Naharnet

COVID-19 Kills Former Lebanese Militant Anis Naccache

Anis Naccache, a former pro-Palestinian militant who participated in the 1975 kidnapping of oil ministers in Vienna, died Monday after battling COVID-19, a Palestinian official and Lebanese media said. He was 69.

Naccache, a Lebanese citizen, participated in attacks around the world but spent much of the past two decades running a Beirut-based think tank and frequently appeared on TV shows as an analyst on Middle Eastern affairs.

A staunch supporter of the Palestinian cause, and in the past few decades the so-called Iran-led axis of resistance, Naccache last tweeted on Feb. 5 about the crisis over the formation of a new Cabinet in Lebanon.

Syria-based Palestinian official Khaled Abdul-Majid and Lebanese media outlets said Naccache died in a private hospital in the Syrian capital Damascus, where he had been undergoing treatment for days.

Hailing him as a "thinker and freedom fighter," Syria's official news agency SANA said he was "admitted into intensive care two days ago... because his health deteriorated as a result of Covid-19."

Authorities will repatriate his remains for burial in Lebanon, said the pro-Damascus Al-Mayadeen television channel.

In recent years, Naccache, a vocal supporter of Syrian President Bashar al-Assad, regularly appeared as a commentator on pro-Iranian media platforms such as Al-Mayadeen and Hizbullah's Al-Manar.

He also "played until the mid-1990s an important coordination role between the leadership of the Palestinian resistance and that of the Islamic revolution in Iran," SANA said.

Born in June 1951, Naccache joined late Palestinian leader Yasser Arafat's Fatah group in the early 1970s and also worked closely with the Popular Front for the Liberation of Palestine.

Among those Naccache recruited while with Fatah was Imad Mughniyeh, who later rose to become Hizbullah's top operative and the suspected mastermind of dramatic attacks on the U.S. Embassy and U.S. Marine barracks that killed hundreds of Americans in Lebanon in the 1980s.

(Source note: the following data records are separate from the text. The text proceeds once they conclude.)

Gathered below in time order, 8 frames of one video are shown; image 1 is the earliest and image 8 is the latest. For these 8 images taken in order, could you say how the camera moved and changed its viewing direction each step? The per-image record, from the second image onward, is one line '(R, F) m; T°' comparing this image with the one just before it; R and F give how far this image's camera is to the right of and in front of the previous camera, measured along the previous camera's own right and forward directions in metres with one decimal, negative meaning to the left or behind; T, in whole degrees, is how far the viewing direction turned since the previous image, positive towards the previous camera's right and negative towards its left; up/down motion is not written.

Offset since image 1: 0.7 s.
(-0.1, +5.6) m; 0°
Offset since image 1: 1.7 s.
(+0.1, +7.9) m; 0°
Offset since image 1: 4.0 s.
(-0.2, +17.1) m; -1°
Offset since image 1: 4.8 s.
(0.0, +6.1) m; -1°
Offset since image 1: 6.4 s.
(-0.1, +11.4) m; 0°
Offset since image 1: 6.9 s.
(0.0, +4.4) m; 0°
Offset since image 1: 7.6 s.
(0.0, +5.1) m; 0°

Mughniyeh was assassinated in Damascus in 2008 by a bomb planted in his vehicle in an attack blamed on Israel.

"Imad's friend is gone. May his clean soul be blessed by a thousand mercies," tweeted Mughniyeh's sister, Zeinab.

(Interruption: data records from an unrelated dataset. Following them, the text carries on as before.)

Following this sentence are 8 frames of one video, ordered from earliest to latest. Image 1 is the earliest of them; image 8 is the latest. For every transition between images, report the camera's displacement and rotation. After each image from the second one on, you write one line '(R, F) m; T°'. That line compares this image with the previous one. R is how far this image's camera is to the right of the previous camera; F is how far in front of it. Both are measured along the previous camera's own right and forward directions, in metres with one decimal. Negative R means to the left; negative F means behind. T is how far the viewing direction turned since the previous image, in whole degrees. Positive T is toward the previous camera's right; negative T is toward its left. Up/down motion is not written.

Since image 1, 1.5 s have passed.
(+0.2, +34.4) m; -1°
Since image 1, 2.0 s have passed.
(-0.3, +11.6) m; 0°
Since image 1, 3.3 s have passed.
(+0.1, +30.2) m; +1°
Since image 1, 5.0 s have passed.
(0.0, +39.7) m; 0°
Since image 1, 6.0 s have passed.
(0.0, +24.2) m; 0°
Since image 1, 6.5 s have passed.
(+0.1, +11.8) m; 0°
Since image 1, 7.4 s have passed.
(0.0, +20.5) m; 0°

In the early 1970s, Naccache became a friend and associate of Venezuelan-born Ilich Ramirez Sanchez, a former political radical known as Carlos the Jackal. In one of his most dramatic operations as a militant, Carlos led an attack on a meeting of the Organization of the Petroleum Exporting Countries in Vienna in December 1975. More than 60 people, including 11 OPEC ministers, were taken hostage and three people were killed. Naccache took part in the operation.

Years later, Naccache and four other men were convicted in the July 1980 attack in France on Shahpour Bakhtiar, Iran's prime minister before the 1979 Islamic Revolution. Bakhtiar escaped injury but a policeman and a bystander were killed.

Naccache was jailed in France for leading the attempted assassination.

In 1990, France pardoned Naccache and his four accomplices were expelled to Tehran. His release had been demanded by Iran-backed militants who set off deadly bombs around Paris in 1986.